After assembly of PacBio sequences with RS_HGAP_Assembly.2 [Chin-2013] we get a finished E1 genome with one chromosome and 5 plasmids (1 MegaPL, 1 medium size PL and 3 small sizes PL).
PacBio assembly allowed to perfectly define the plasmids, even the small size ones. The existence and the size of these 5 plasmids were experimentally tested.
Independently we sequenced E1 genome with illumina and did the assembly with velvet. In the figure we show the pair-wise alignment of the PacBio assembly and the illumina assembly. The PacBio assembly has a significantly larger size. The additional sequence fragments in PacBio assembly (in the figure the white regions in the MAUVE blocks corresponding to the PacBio E1 genome) are main transposases and other mobile elements and RNA operon copies that are probably collapsed in the illumina velvet assembly. PacBio sequencing is especially useful for defining all the copies of each gene.
Whole genome sequencing (WGS) with PacBio allowed getting the first E. faecium ST117 finished genome.

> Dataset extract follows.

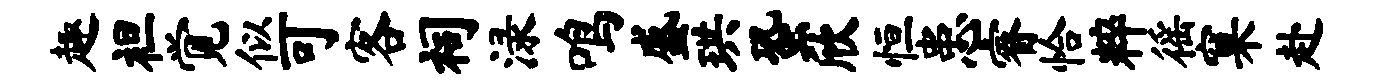
趣袒觉似可客祠渌鸣盛珙蛩欣恒患睿恰粹徭窠赴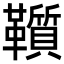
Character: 𩍵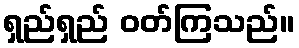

Using PacBio we have been able to solve the elements with many different copies as MGE (transposons, Insertion Sequences). These repeated MGE elements frequently bear virulence and antibiotic resistance genes that are important to solve and analyze. Plasmids are difficult to assembly because they bear a high number of MGE.
Thus PacBio is a specially useful technology for working with bacterial plasmids.
Our new comparative genomics pipelines allow the detection of differences that are not detected by classical methods.
The 6 E. faecium genomes with their BG7 annotations will be publicly available within the next months.
Studies to get insight into the dynamic evolution of AbR and the pathogenicity of this clone in the hospital setting are in progress (Manuscript in preparation).